Introduction and Motivation
What is Scrapbook?
What Scrapbook Isn't
Redefining Digital Scrapbooking
What's in a Name?
Scrapbook History and Milestones
Working with Scrapbook
Artificial Intelligence Tools
Natural Language Queries
Scenarios Revisited
What We've Learned
Future Directions

Introduction and Motivation

This post is about a personal information management system (PIM) we call Scrapbook. In this post we will talk about our 15+ years of experience developing and implementing Scrapbook. But before we get into details, let's set the stage with some of the scenarios that prompted us to create Scrapbook.

  • We are about to walk into a friend's house. What are the names of her three children?
  • We remember a wonderful hot chocolate we had in Cuneo. What was the name of the café? What was the name of any place we ate at in Cuneo?
  • We are planning to to have a friend over for lunch and we  want to prepare a dish we haven’t served her before and obviously want it to be something she’ll enjoy, so we review meals we’ve had with her in the past.
  • We are planning a dinner with friends and we are looking for an interesting red wine to serve. We remember that we drank some nice dolcettos from Piedmont last year. What were they?
  • We are about to call to make an appointment for a haircut. What are the names of the people that work at the salon so whoever answers the phone we're able to address them by name?
  • We are wondering about an upcoming wedding we have been invited to and we want to pull up the invitation to confirm the date and protocol for gifts.
  • We are writing an email to a friend and we want to recommend the last hike we did in Piedmont. What were the details of that hike?
  • We remember reading an interesting book in 2010 that had "science" in the title. What was it?
  • We want to know if we've ever received a postcard from Germany.
  • We want to know the average cocoa fat percentage of chocolate we tend to buy and what, if any, is the correlation between percentage and how we rate it.
  • We want to understand which categories in Scrapbook have the most items as well as how many items there are per year over the last 15 years.

These scenarios span a few of the types of questions that we encounter daily and that we want to be able to answer securely and quickly. And while there may be different software and tools to address one or more of these scenarios, Scrapbook for us is a one-stop personal information management system to address them all. Later in this post, we'll return to these scenarios and show a solution for each of them leveraging our Scrapbook database via diverse user experiences including a web application, natural language interaction via Cortana, Skype and web bot, as well as by various analysis and plotting tools.

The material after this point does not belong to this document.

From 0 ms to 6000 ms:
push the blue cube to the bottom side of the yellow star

We hope that after reading this post you will:
  • Understand the power of developing your own personal information management system.
  • Be inspired to create your own Scrapbook, or if you already have something similar, that you might find a few nuggets of useful perspective here.
  • Consider collecting and managing your own personal data, by whatever means is appropriate for you. Your data tells your story and is too valuable to hand over to hand over to social media platforms to be exploited for their profit, and potentially your expense.

What is Scrapbook?

Scrapbook is a digital personal information manager. To understant what that means let's talk about common information management tools we use each day. There are file storage services such as OneDrive, iCloud, and Dropbox, which we use to help manage photos and files, and email services like Gmail or Outlook, which we use to organize email, contacts, and calendar events. Facebook, LinkedIn, and Snapchat are social network services that facilitate communication and interaction between friends an contacts vis news feeds and personal timelines. Twitter and blogging are further examples of information sharing platforms through which we can relate what we're doing and what we've been thinking about. And, let's not forget the numerous offerings for personal wikis and journaling software.

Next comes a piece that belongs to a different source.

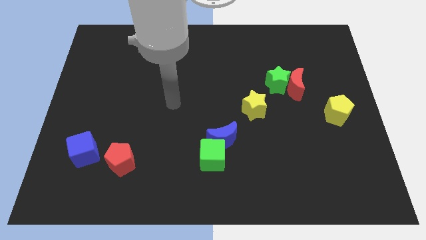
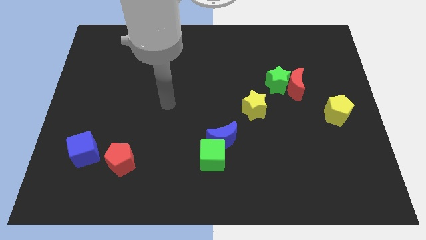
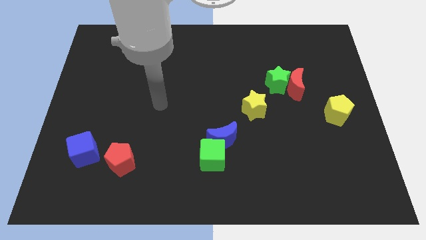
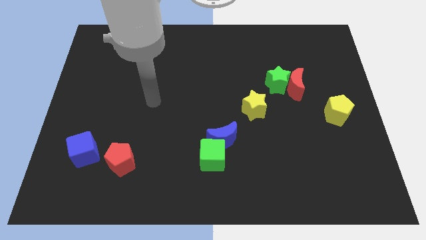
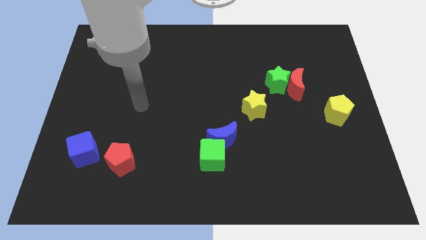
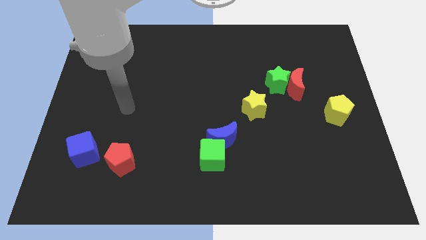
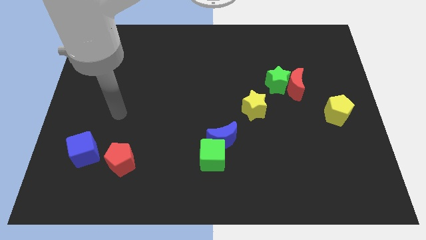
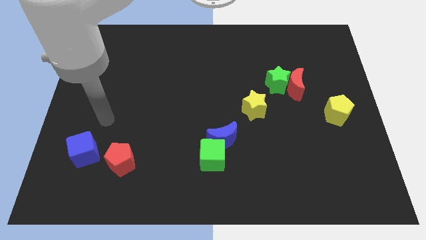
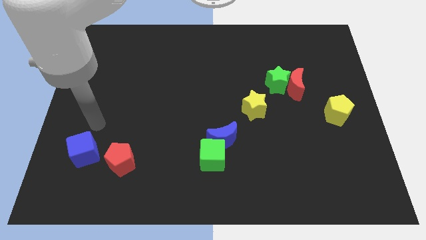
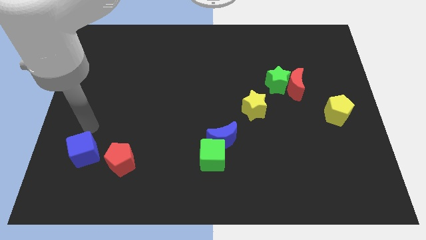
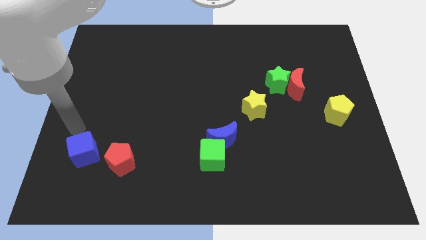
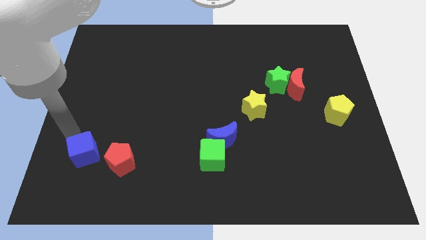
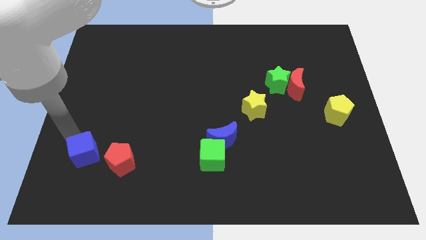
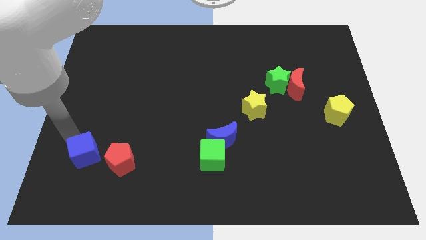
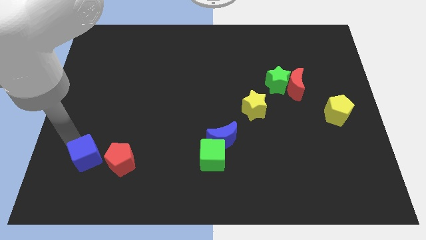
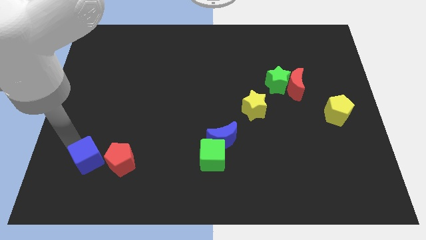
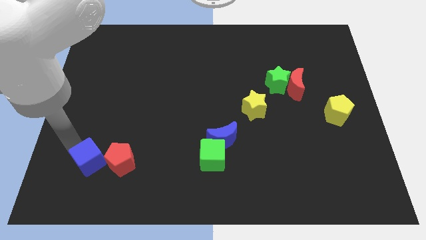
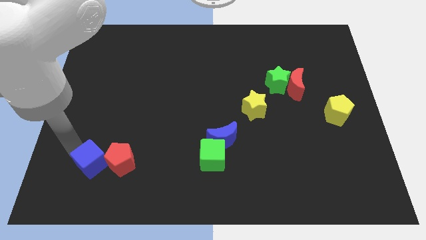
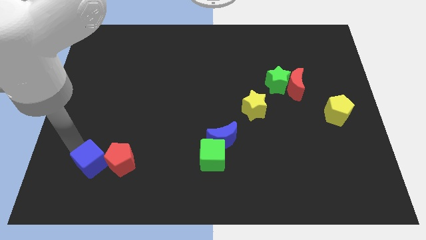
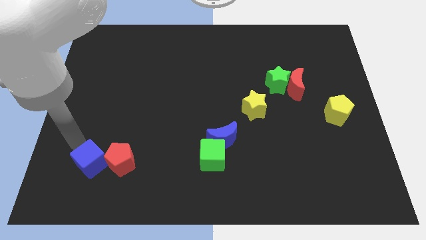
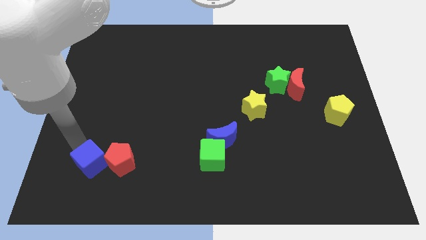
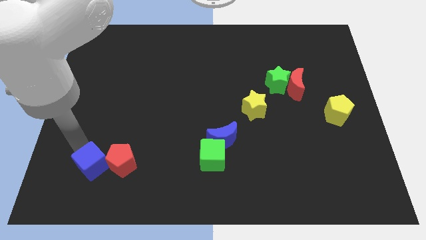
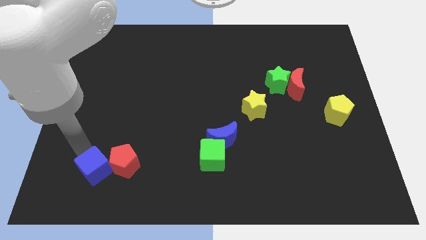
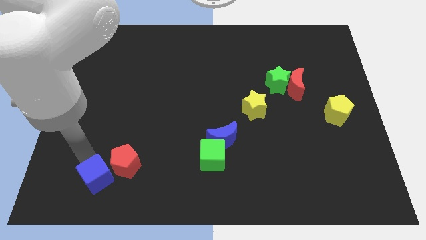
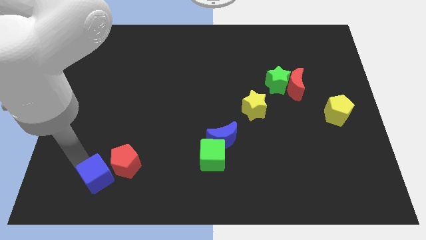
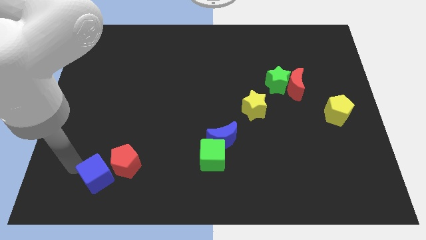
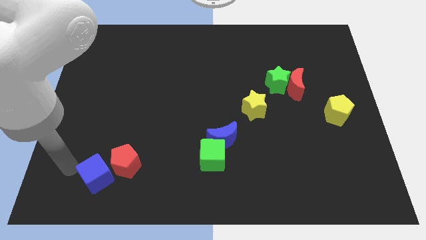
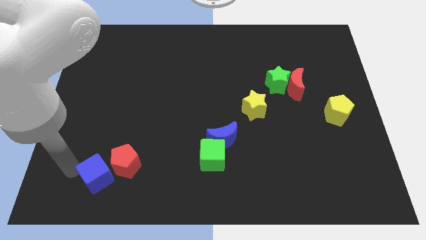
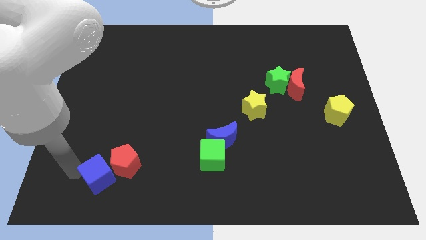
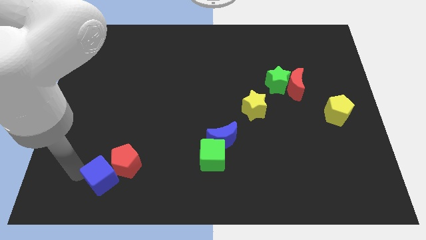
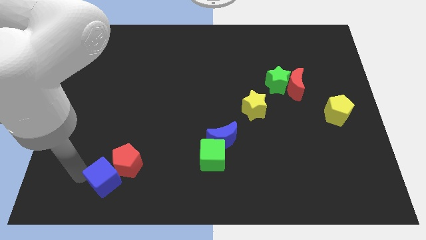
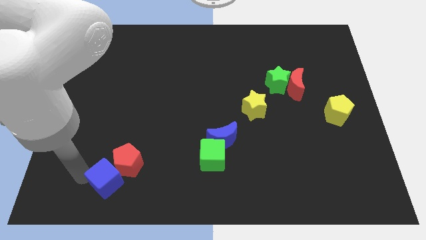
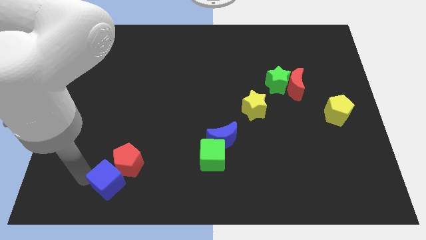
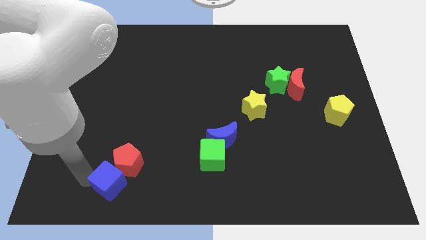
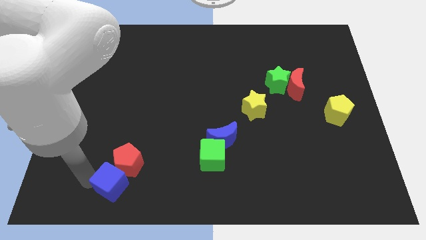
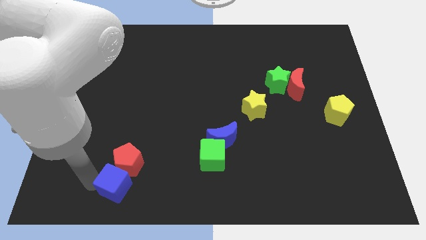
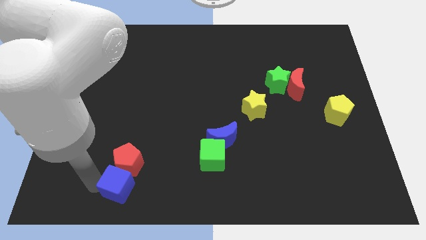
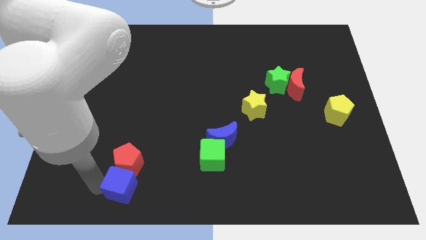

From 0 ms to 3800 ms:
slide the blue cube to the bottom right of the red pentagon

All of these platforms manage your personal information in one form or another. Each has strengths and weaknesses and attempts to address a part of the personal information management problem. Scrapbook doesn't aim to replace any of these tools. In fact, Scrapbook can take input from or output data to these tools. That nice you say, but then how is Scrapbook different? We created Scrapbook to deal with four concerns that we felt are not yet adequately addressed:

1. How to deal with archival data

Archival data is information that we don't need immediate access to, but may wish to review in the future. It includes, but is not limited to, year-end financial statements, old health records, newspaper clippings, postcards, brochures, tickets, invitations, and letters. Archival data is all that physical paperwork that ends up in over-stuffed folders in drawers or file cabinets. Think of the times you needed to find something searching page by page through one bulging folder after another to finally locate (or not) what you were looking for. If your archival data happens to be already digitized, it's likely stored somewhere on a drive or in the cloud, but finding can be a trick. The idea of not being able to locate important information at some point in the future bothered us, and we set out to address it with Scrapbook.

For years, we saved things like playbills of theater shows, mementos of places we visited, articles cut out of the paper, labels from products we liked, and other tidbits of information. We pasted the scraps of paper into blank notebooks, which eventually filled up. Our "scrapbooks" grew in number over the years. We noticed that we rarely referred back to these physical scrapbooks in large part, because except by chronological order, it was hard to find anything. You can think of Scrapbook, in part, as a digital version of the physical scrapbooks in which we preserved these scraps of information, but far more accessible and fun.

Physical Scrapbook Page from 2002.Physical Scrapbook Page from 2000.
Left: Physical Scrapbook Page from 2002. Right: Physical Scrapbook Page from 2000.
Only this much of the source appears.